Reproduce every record below exactly as written, but leave out any pictures.

Segment Start: DATA PROVIDED

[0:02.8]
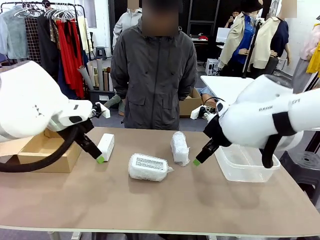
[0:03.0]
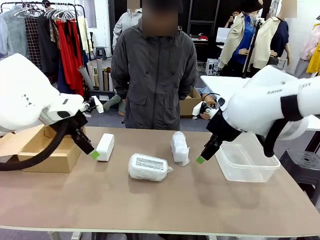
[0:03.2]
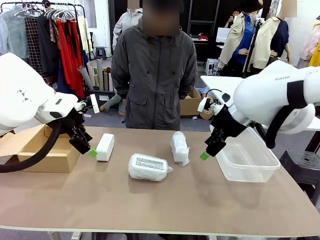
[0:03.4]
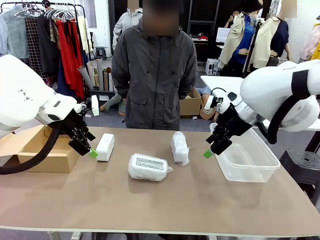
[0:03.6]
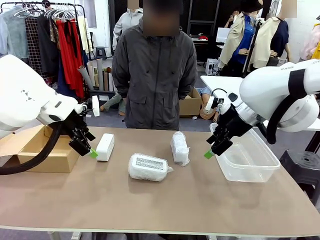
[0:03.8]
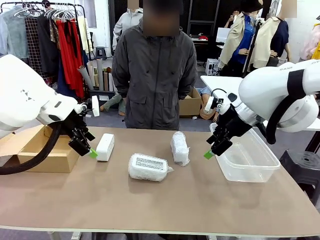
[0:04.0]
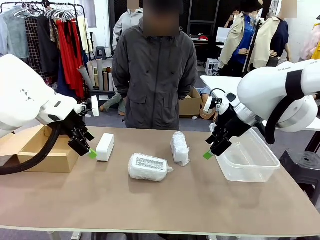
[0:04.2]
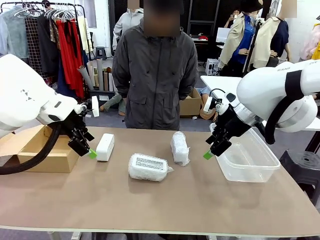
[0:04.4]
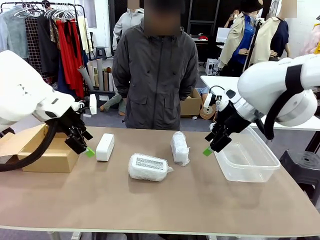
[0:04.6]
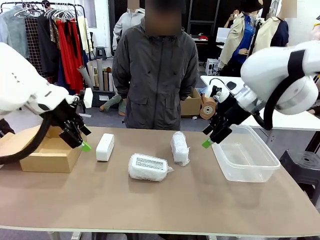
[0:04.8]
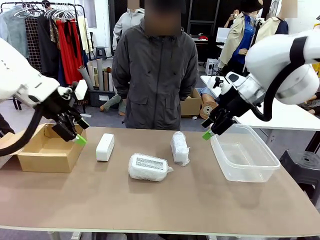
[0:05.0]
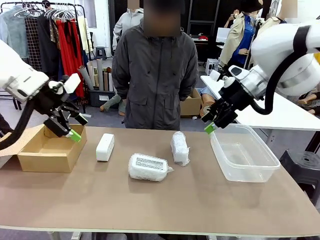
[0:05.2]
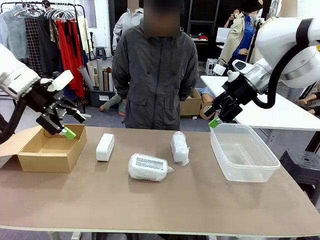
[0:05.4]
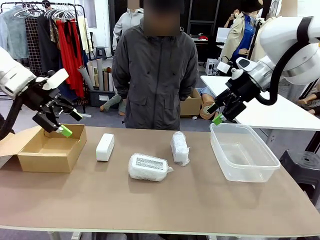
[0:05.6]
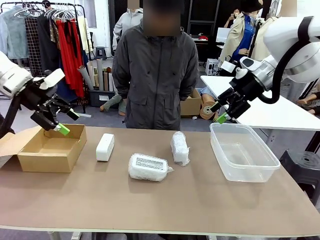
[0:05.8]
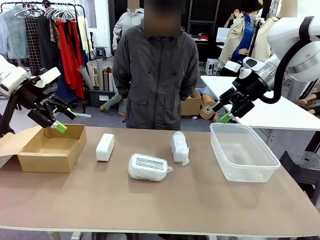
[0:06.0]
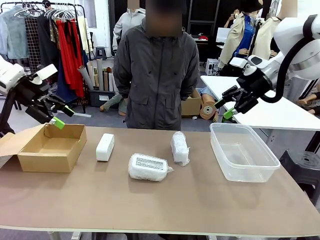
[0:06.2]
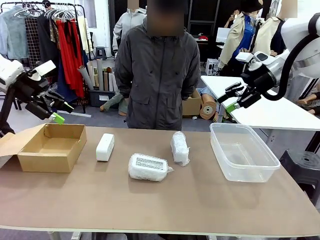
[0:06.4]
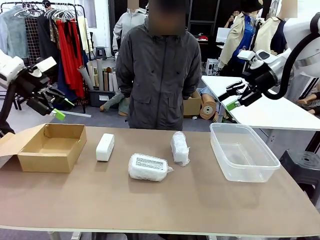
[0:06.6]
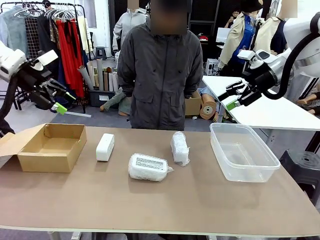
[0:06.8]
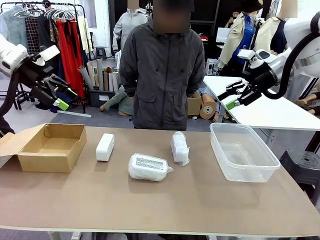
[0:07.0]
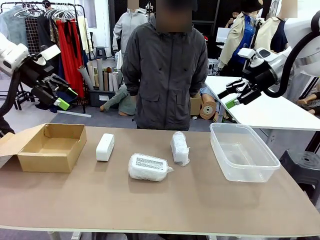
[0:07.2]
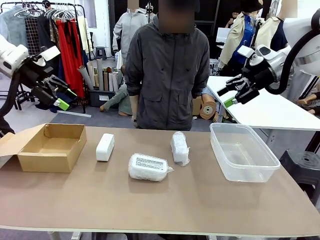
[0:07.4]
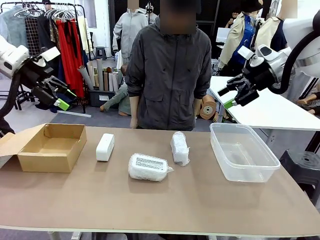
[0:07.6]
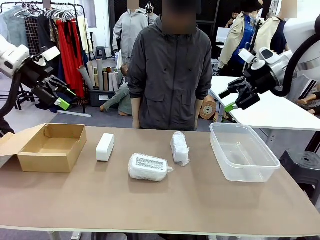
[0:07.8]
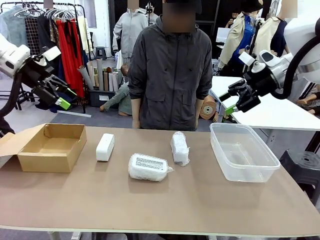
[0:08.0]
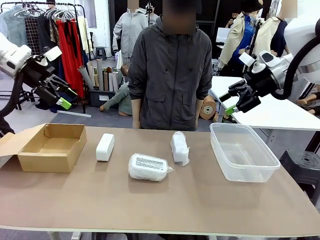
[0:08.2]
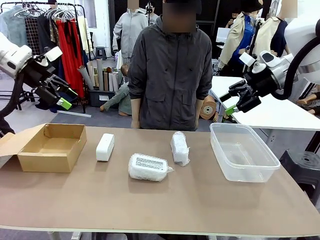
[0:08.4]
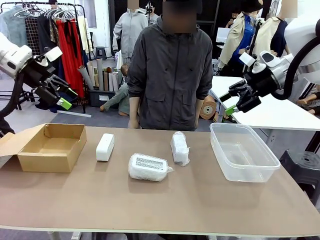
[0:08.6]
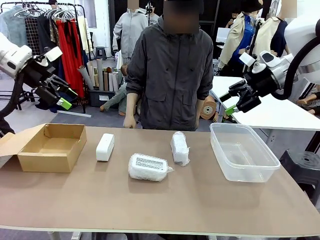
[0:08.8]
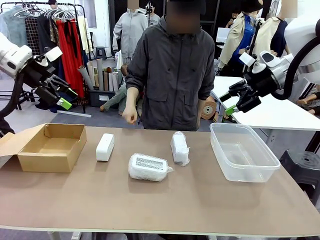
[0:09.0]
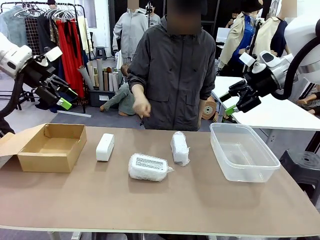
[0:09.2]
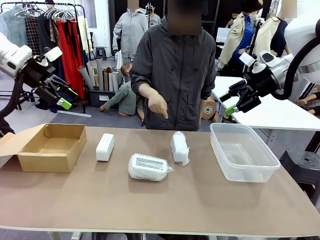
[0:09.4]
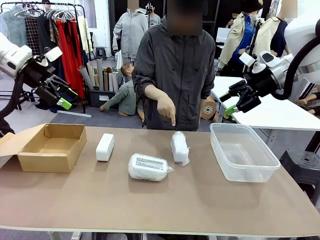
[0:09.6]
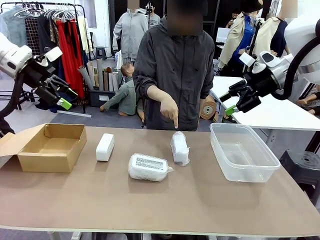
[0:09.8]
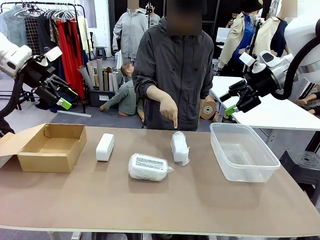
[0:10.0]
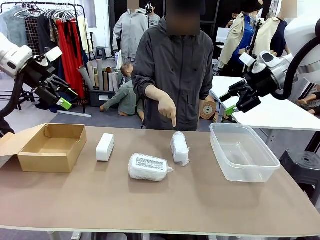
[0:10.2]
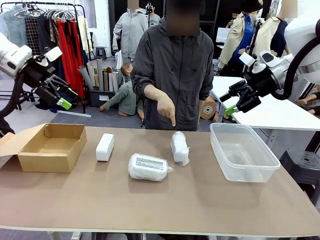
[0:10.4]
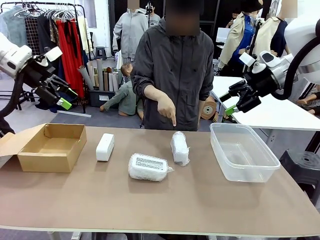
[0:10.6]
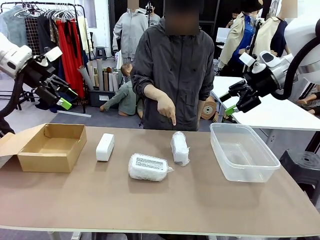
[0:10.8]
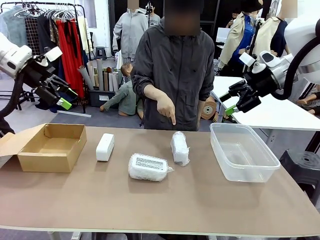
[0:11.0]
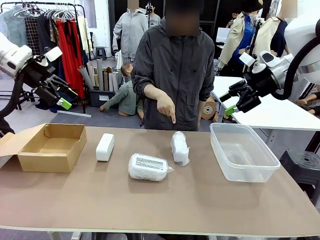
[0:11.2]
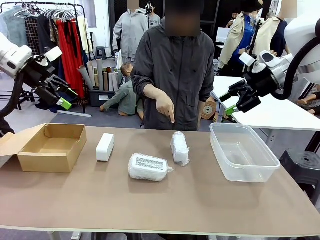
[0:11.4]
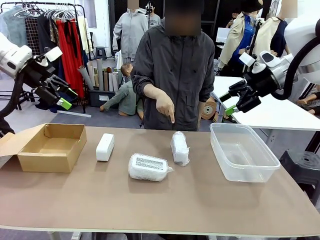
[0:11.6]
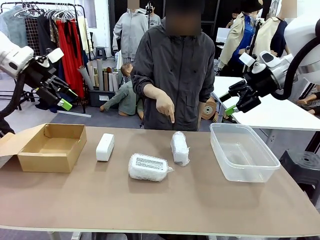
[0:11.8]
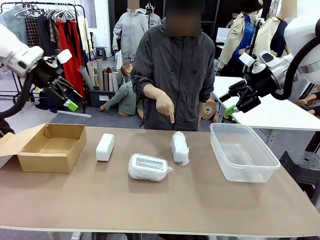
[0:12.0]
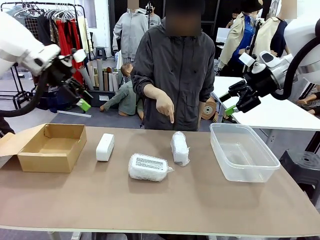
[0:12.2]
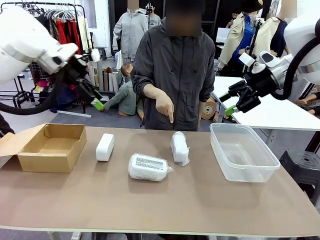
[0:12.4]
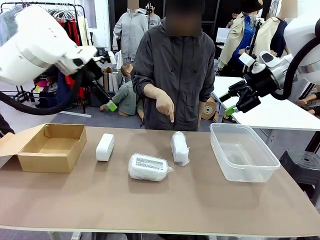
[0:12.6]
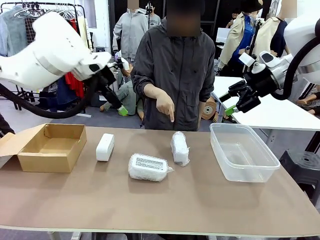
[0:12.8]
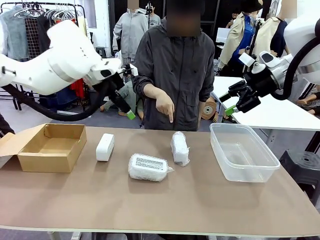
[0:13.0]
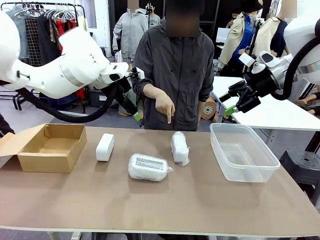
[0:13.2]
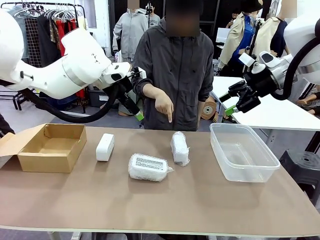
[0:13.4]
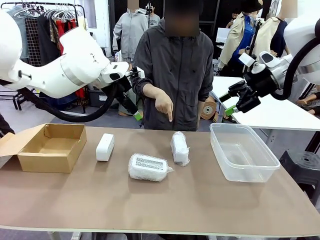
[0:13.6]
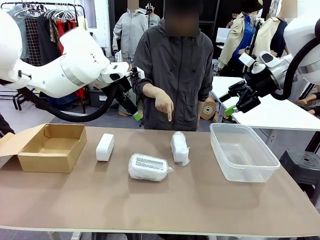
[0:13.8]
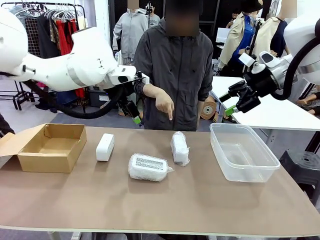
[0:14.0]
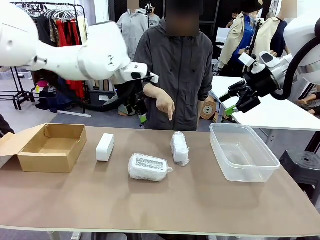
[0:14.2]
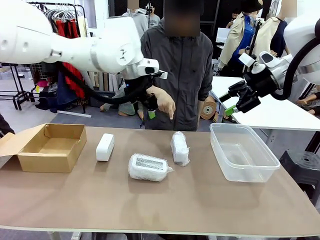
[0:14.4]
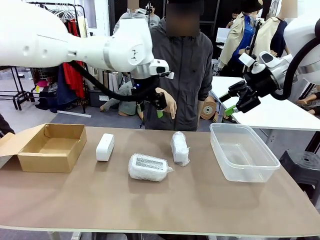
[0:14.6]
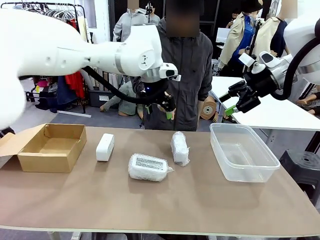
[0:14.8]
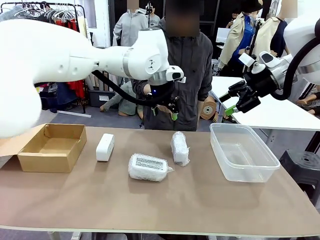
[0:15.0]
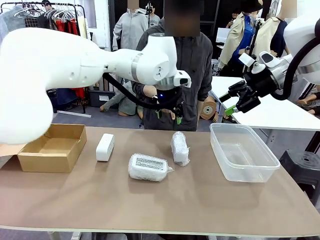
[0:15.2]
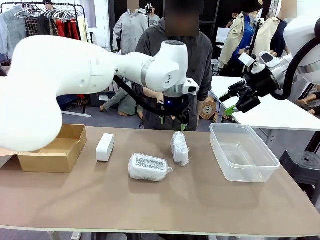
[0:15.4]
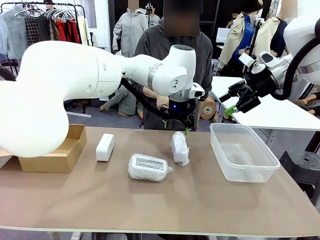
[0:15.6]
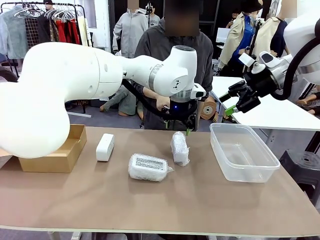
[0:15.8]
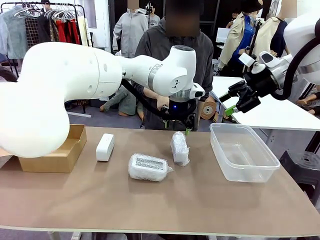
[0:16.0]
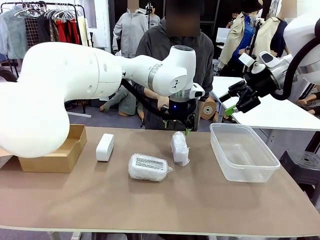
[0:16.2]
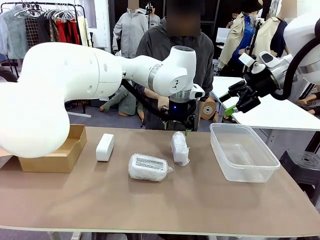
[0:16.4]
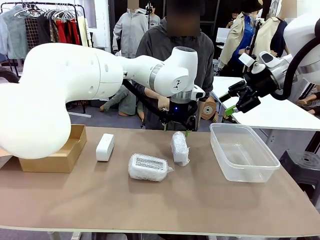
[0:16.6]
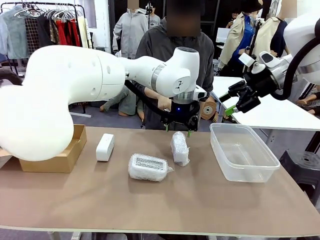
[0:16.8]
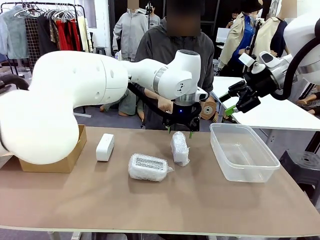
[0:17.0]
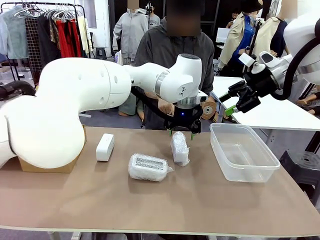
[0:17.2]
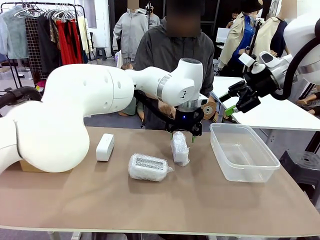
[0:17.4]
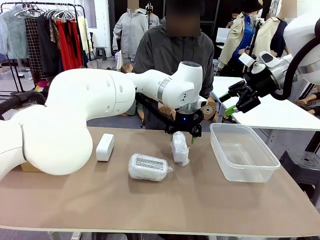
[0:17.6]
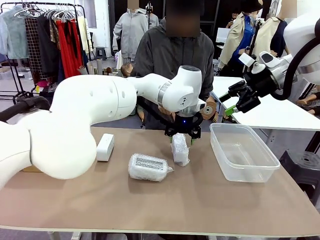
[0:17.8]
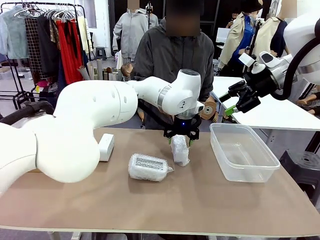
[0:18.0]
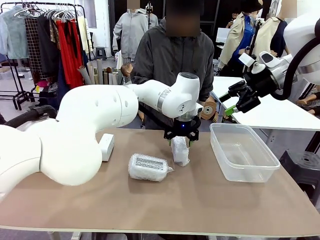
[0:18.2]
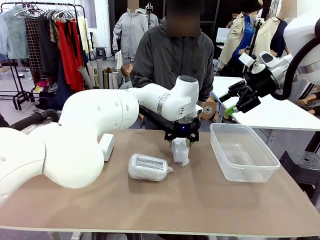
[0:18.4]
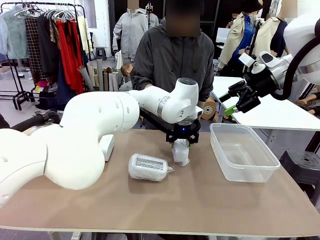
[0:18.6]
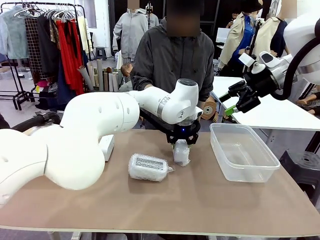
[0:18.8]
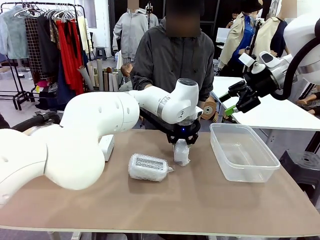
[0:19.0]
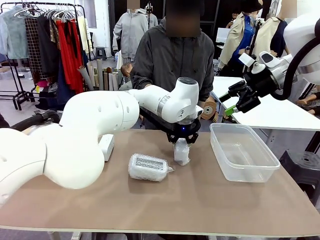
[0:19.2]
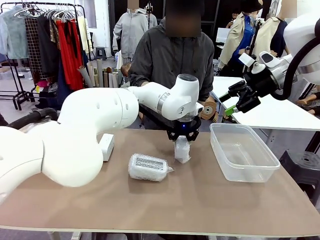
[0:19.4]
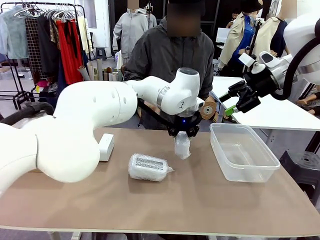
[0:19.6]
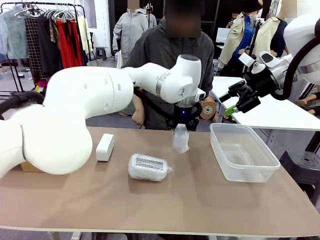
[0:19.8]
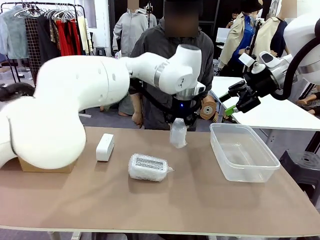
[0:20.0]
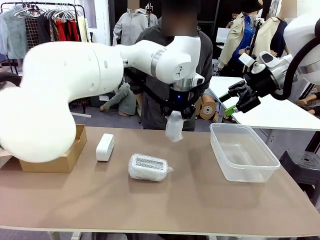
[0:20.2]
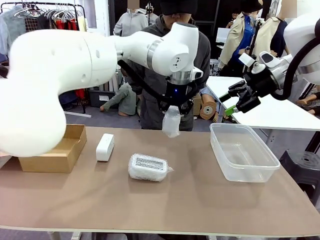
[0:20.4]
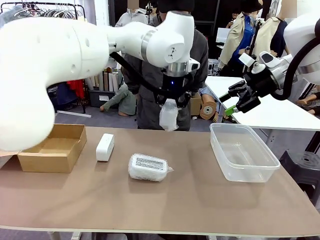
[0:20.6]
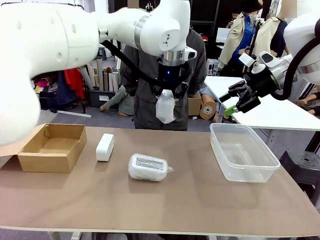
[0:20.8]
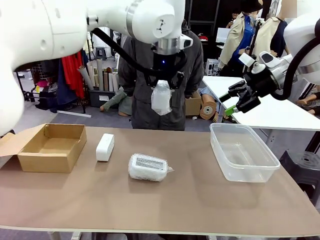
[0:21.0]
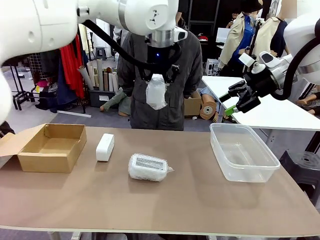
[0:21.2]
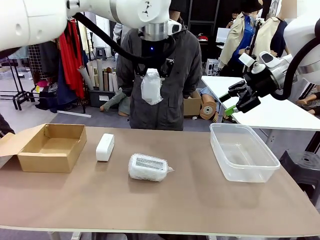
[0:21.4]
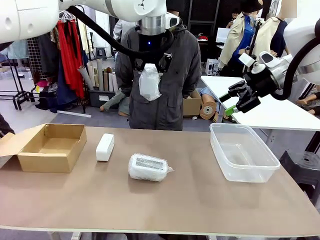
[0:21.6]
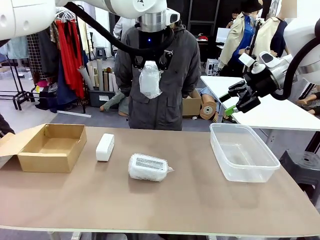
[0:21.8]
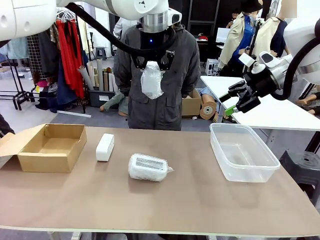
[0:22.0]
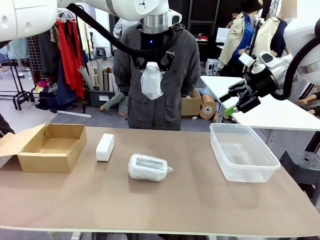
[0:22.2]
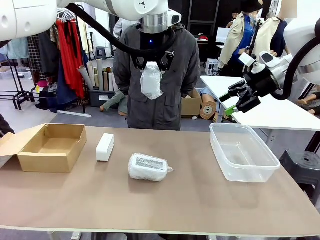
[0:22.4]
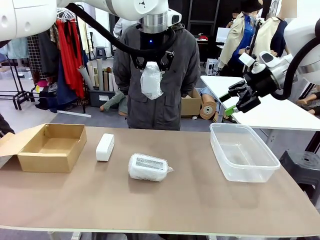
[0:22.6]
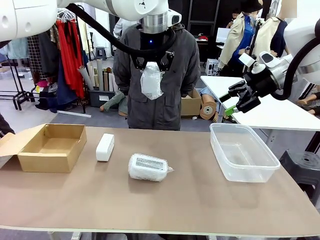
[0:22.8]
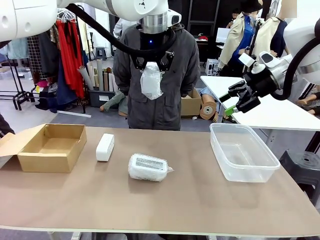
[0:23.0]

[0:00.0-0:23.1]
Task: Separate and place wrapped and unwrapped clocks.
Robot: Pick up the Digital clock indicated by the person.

Segment End: DATA PROVIDED

**OUTPUT OF THE EXERCISE:**
[0:02.8]
[0:03.0]
[0:03.2]
[0:03.4]
[0:03.6]
[0:03.8]
[0:04.0]
[0:04.2]
[0:04.4]
[0:04.6]
[0:04.8]
[0:05.0]
[0:05.2]
[0:05.4]
[0:05.6]
[0:05.8]
[0:06.0]
[0:06.2]
[0:06.4]
[0:06.6]
[0:06.8]
[0:07.0]
[0:07.2]
[0:07.4]
[0:07.6]
[0:07.8]
[0:08.0]
[0:08.2]
[0:08.4]
[0:08.6]
[0:08.8]
[0:09.0]
[0:09.2]
[0:09.4]
[0:09.6]
[0:09.8]
[0:10.0]
[0:10.2]
[0:10.4]
[0:10.6]
[0:10.8]
[0:11.0]
[0:11.2]
[0:11.4]
[0:11.6]
[0:11.8]
[0:12.0]
[0:12.2]
[0:12.4]
[0:12.6]
[0:12.8]
[0:13.0]
[0:13.2]
[0:13.4]
[0:13.6]
[0:13.8]
[0:14.0]
[0:14.2]
[0:14.4]
[0:14.6]
[0:14.8]
[0:15.0]
[0:15.2]
[0:15.4]
[0:15.6]
[0:15.8]
[0:16.0]
[0:16.2]
[0:16.4]
[0:16.6]
[0:16.8]
[0:17.0]
[0:17.2]
[0:17.4]
[0:17.6]
[0:17.8]
[0:18.0]
[0:18.2]
[0:18.4]
[0:18.6]
[0:18.8]
[0:19.0]
[0:19.2]
[0:19.4]
[0:19.6]
[0:19.8]
[0:20.0]
[0:20.2]
[0:20.4]
[0:20.6]
[0:20.8]
[0:21.0]
[0:21.2]
[0:21.4]
[0:21.6]
[0:21.8]
[0:22.0]
[0:22.2]
[0:22.4]
[0:22.6]
[0:22.8]
[0:23.0]

[0:00.0-0:23.1]
Task: Separate and place wrapped and unwrapped clocks.
Robot: Pick up the Digital clock indicated by the person.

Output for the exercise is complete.